#### [Try it]
Everything in the records except the pictures should come back exactly as written.

#### [Records provided]
════════
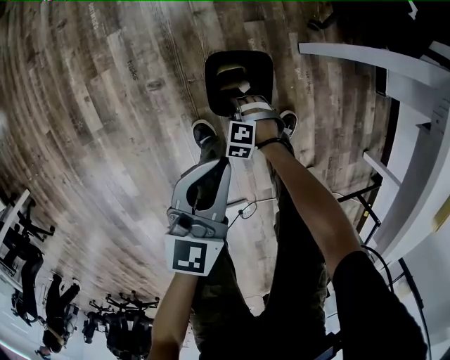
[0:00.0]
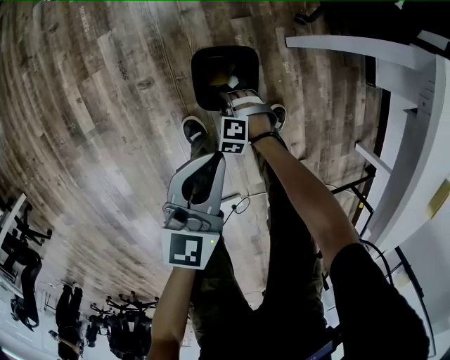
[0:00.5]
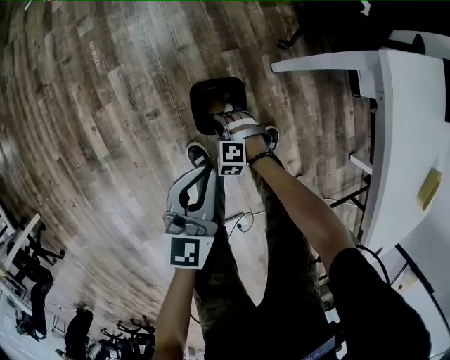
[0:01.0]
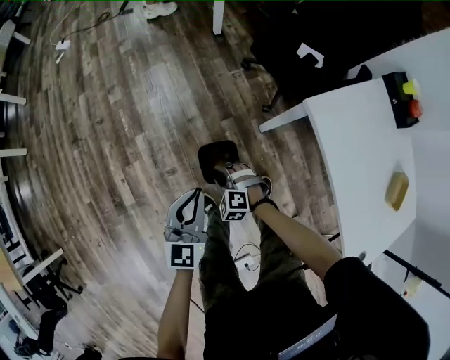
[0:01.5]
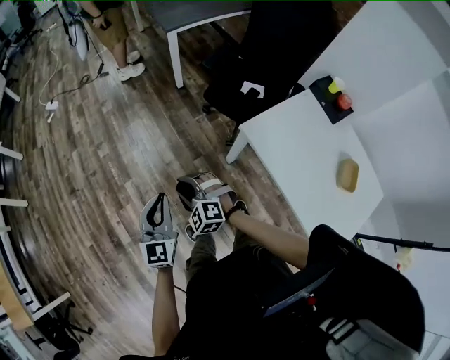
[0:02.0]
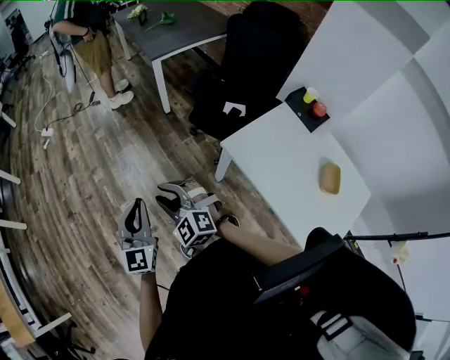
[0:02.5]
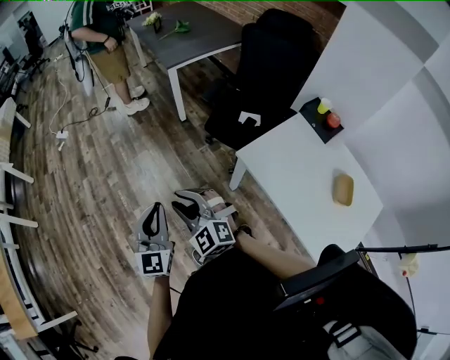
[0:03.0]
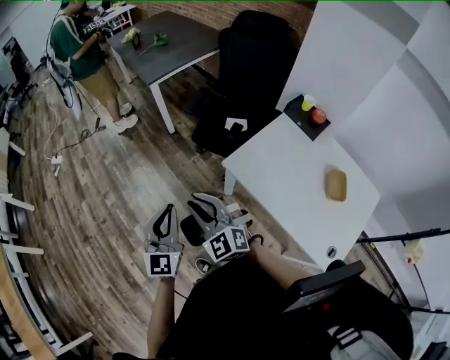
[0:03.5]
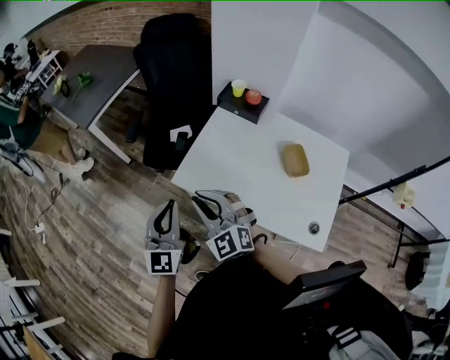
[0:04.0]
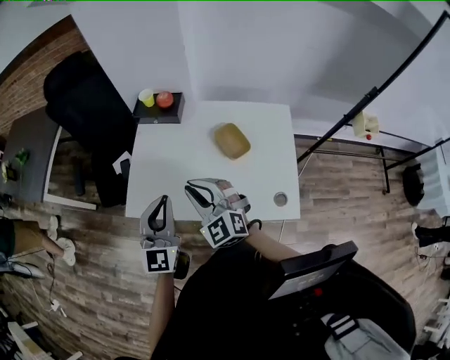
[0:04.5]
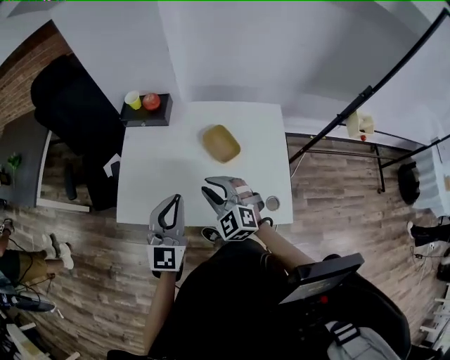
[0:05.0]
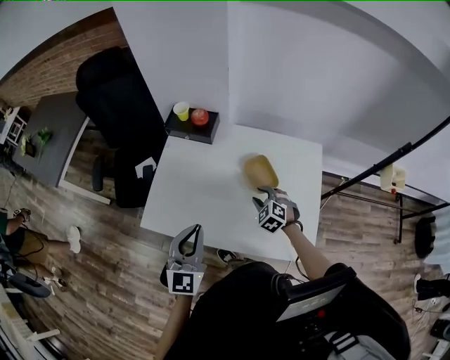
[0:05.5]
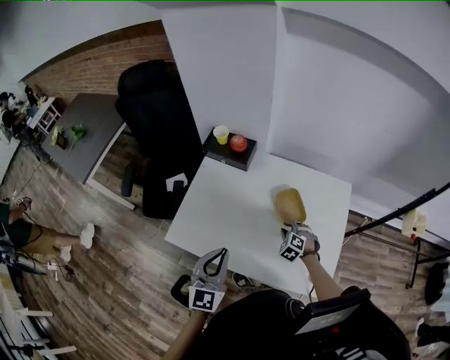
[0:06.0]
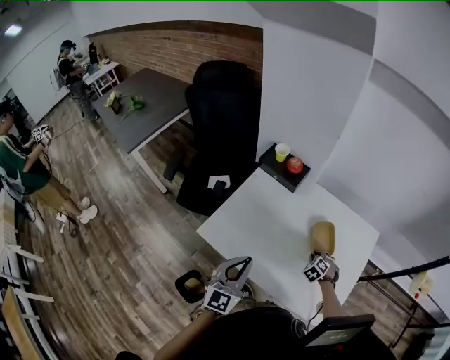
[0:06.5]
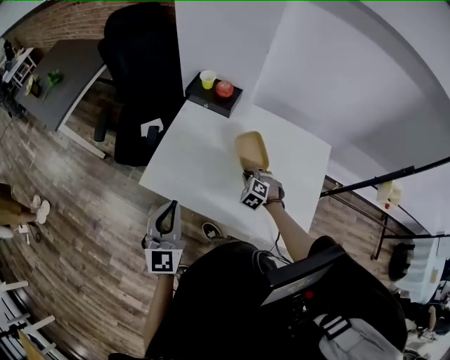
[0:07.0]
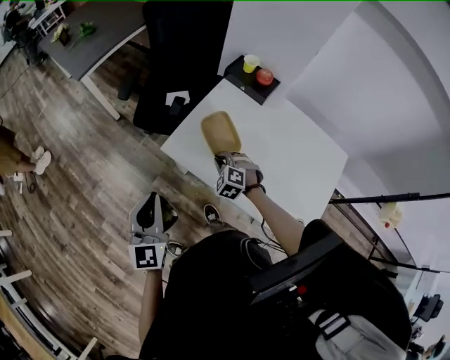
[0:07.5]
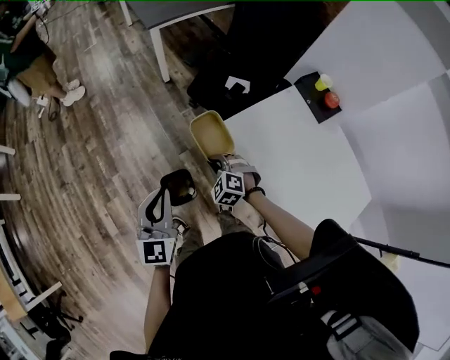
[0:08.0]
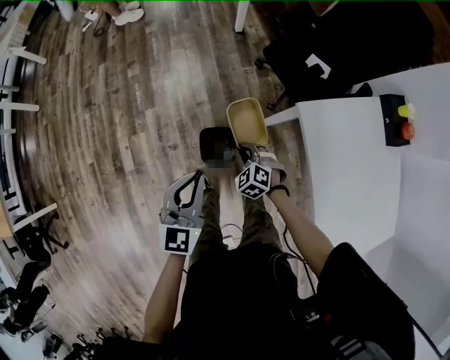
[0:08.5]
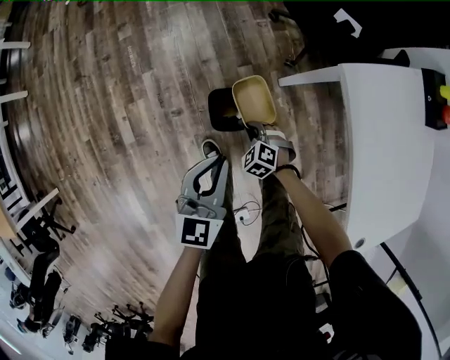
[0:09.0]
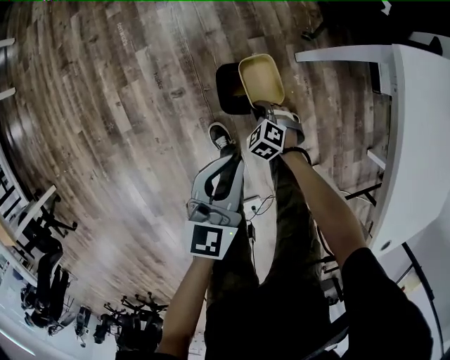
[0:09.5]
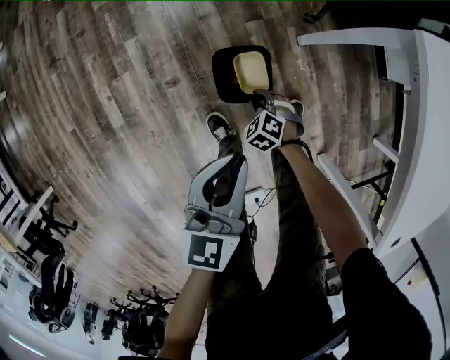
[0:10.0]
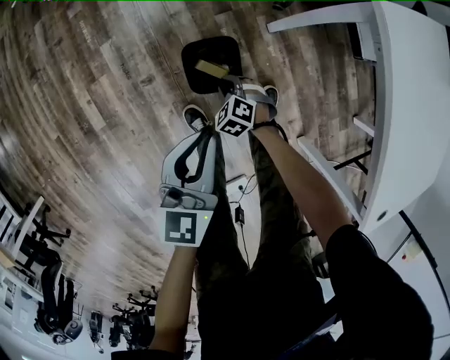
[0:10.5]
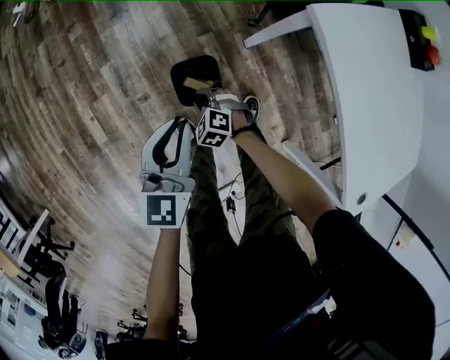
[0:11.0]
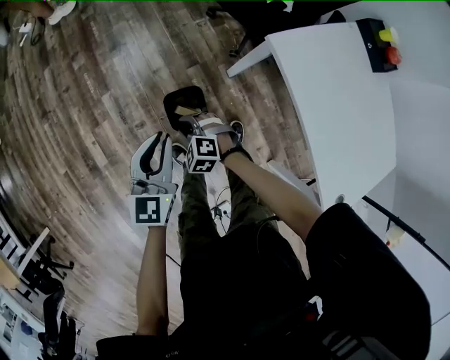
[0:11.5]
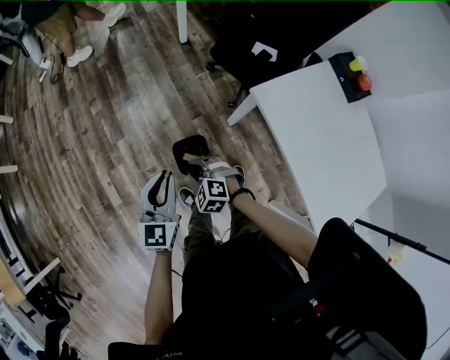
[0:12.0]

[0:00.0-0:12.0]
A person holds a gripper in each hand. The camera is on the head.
0:00.0 to 0:02.0: The left gripper moves upward, some 40 cm, and turns by approximately 20 degrees. Meanwhile the right gripper goes roughly 60 cm upward, and tilts its fingers approximately 40 degrees upward.
0:02.0 to 0:04.0: The right gripper moves about 40 cm, and changes its angle by approximately 50 degrees; the left gripper changes place by some 35 cm, and swivels approximately 40 degrees.
0:04.0 to 0:06.0: The right gripper ends up some 50 cm from where it was, and tips its fingers downward by roughly 40 degrees, while the left gripper shifts by about 25 cm.
0:06.0 to 0:08.0: The pair of grippers is taken roughly 50 cm. The left gripper rotates about 50 degrees, while the right gripper turns by approximately 50 degrees.
0:08.0 to 0:10.0: Both grippers travel together downward, some 40 cm. The left gripper rotates roughly 20 degrees, while the right gripper rotates roughly 20 degrees.
0:10.0 to 0:12.0: The right gripper heads upward, covering about 40 cm, while the left gripper travels upward by about 20 cm.

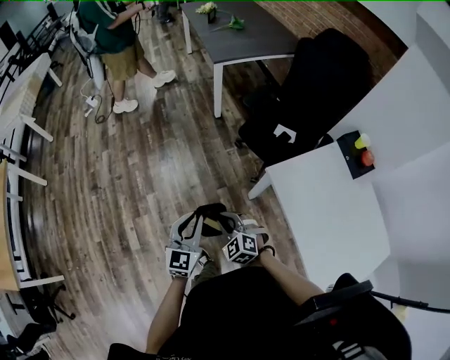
════════
#### [Reply]
[0:00.0]
[0:00.5]
[0:01.0]
[0:01.5]
[0:02.0]
[0:02.5]
[0:03.0]
[0:03.5]
[0:04.0]
[0:04.5]
[0:05.0]
[0:05.5]
[0:06.0]
[0:06.5]
[0:07.0]
[0:07.5]
[0:08.0]
[0:08.5]
[0:09.0]
[0:09.5]
[0:10.0]
[0:10.5]
[0:11.0]
[0:11.5]
[0:12.0]

[0:00.0-0:12.0]
A person holds a gripper in each hand. The camera is on the head.
0:00.0 to 0:02.0: The left gripper moves upward, some 40 cm, and turns by approximately 20 degrees. Meanwhile the right gripper goes roughly 60 cm upward, and tilts its fingers approximately 40 degrees upward.
0:02.0 to 0:04.0: The right gripper moves about 40 cm, and changes its angle by approximately 50 degrees; the left gripper changes place by some 35 cm, and swivels approximately 40 degrees.
0:04.0 to 0:06.0: The right gripper ends up some 50 cm from where it was, and tips its fingers downward by roughly 40 degrees, while the left gripper shifts by about 25 cm.
0:06.0 to 0:08.0: The pair of grippers is taken roughly 50 cm. The left gripper rotates about 50 degrees, while the right gripper turns by approximately 50 degrees.
0:08.0 to 0:10.0: Both grippers travel together downward, some 40 cm. The left gripper rotates roughly 20 degrees, while the right gripper rotates roughly 20 degrees.
0:10.0 to 0:12.0: The right gripper heads upward, covering about 40 cm, while the left gripper travels upward by about 20 cm.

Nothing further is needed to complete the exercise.